TEAM OBAMA NEEDS FOOT-IN-MOUTH DISORDER CURE
Team Obama suffers extreme foot-in-mouth disorder in its health care reform campaign.
The president undermined government competence when he tried to argue that the public option would not be the end of private insurance.
UPS and Fed Ex are doing just fine . . . it's the Post Office that's always having problems, Obama told a New Hampshire town hall audience.
He played into the public's fear that government never does anything well and always requires more money than originally budgeted.
At an AARP meeting, Obama mocked seniors who don't understand Medicare is a government program. He told of a woman who pleaded "Don't touch my Medicare." He got laughs. He went for the joke instead of the teachable moment. He should have described Medicare's success as a government program.
However, he also told the New Hampshire meeting, Medicare and Medicaid are on an unsustainable path. Medicare is slated to go into the red in eight or ten years. "I don't know if people are aware of that. If I was a senior citizen, the thing I'd be worried about right now is Medicare starts running out of money."
Why isn't he telling them how his health care reform will strengthen Medicare?
Then Rep. John Conyers (D. MI) appeared at a National Press Club luncheon mocking the idea he should actually read the health care legislation: "What good is reading the bill if it's a thousand pages and you don't have two days and two lawyers to find out what it means after you read the bill?"

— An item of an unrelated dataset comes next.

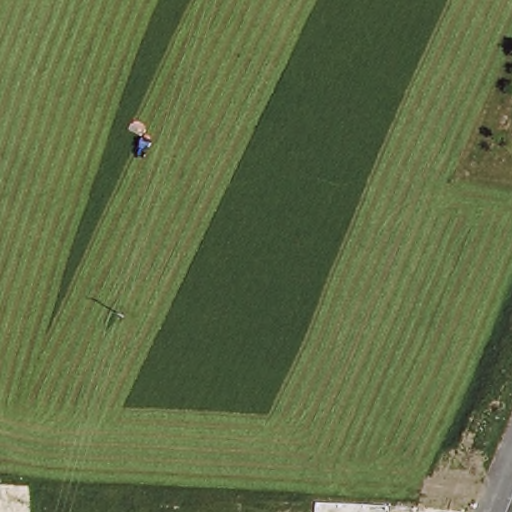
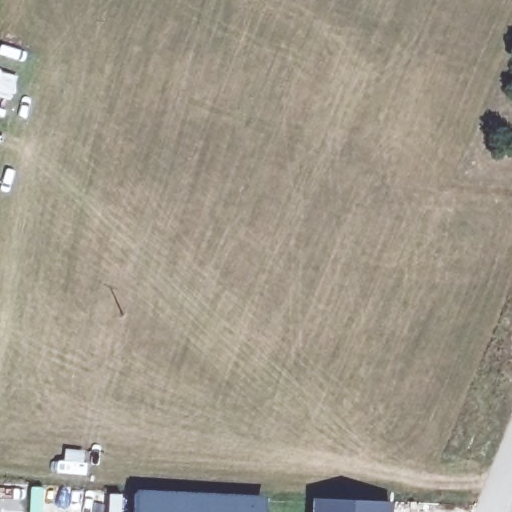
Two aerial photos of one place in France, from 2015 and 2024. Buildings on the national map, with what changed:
new [(266,496),(265,512),(135,512),(136,492),(266,496)]
unchanged [(387,508),(387,512),(312,512),(312,505),(387,508)]

Rep. John Dingell (D-MI) likened challengers to Ku Klux Klan folks and white supremacists. Brian Baird (D-WA) saw Oklahoma City bomber Timothy McVeigh in the town hall protests. The Democratic National Committee, among others, described protestors as Nazis.
As Rep. Barney Frank (D-MA) told a woman who threw the Nazi tag his way, "It is a tribute to the 1st Amendment that this kind of vile, contemptible nonsense is so freely propagated." Gentleman Frank then compared the woman to a dining room table and asked her "on what planet do you spend most of your time?"

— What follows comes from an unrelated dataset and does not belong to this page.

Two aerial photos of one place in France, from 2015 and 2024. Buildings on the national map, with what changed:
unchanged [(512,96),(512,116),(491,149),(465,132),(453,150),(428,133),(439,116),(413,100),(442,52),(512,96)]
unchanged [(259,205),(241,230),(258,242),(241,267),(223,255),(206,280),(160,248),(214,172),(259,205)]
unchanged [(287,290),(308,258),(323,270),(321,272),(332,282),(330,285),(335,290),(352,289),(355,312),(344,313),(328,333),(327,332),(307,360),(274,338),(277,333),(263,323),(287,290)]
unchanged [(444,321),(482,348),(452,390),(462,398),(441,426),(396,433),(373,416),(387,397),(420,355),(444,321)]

House Speaker Nancy Pelosi (D-CA) and Majority Leader Steny Hoyer (D-MD ), one-upped everyone with a USA Today piece in which they wrote that drowning out opposition is simply un-American.
Three years ago, Pelosi told a group of anti-war protestors, "I'm a fan of disruptors. There's nothing more articulate, more eloquent for a member of Congress than the voice of constituents."
Why do these politicians think that insulting protestors helps?
By creating headlines this way, politicians take away opportunities to sell health care reform.
Democrats keeping shouting out Sarah Palin's Death Panels comment giving it the advertising holy grail of the most frequency and reach possible.
For all their communication skills, Team Obama should be able to keep their feet out of their mouths.
Right now Obama is not leading. He is flailing.
Recent comments by himself and Health and Human Services Secretary Kathleen Sebelius, Press Secretary Robert Gibbs regarding the public option were nothing short of mush.
The same can be said for dozens of other issues. That is what scares people.
If Team Obama wants real health care reform, it needs to get its act together, stop bashing voters who disagree, and clearly explain the details of what they propose.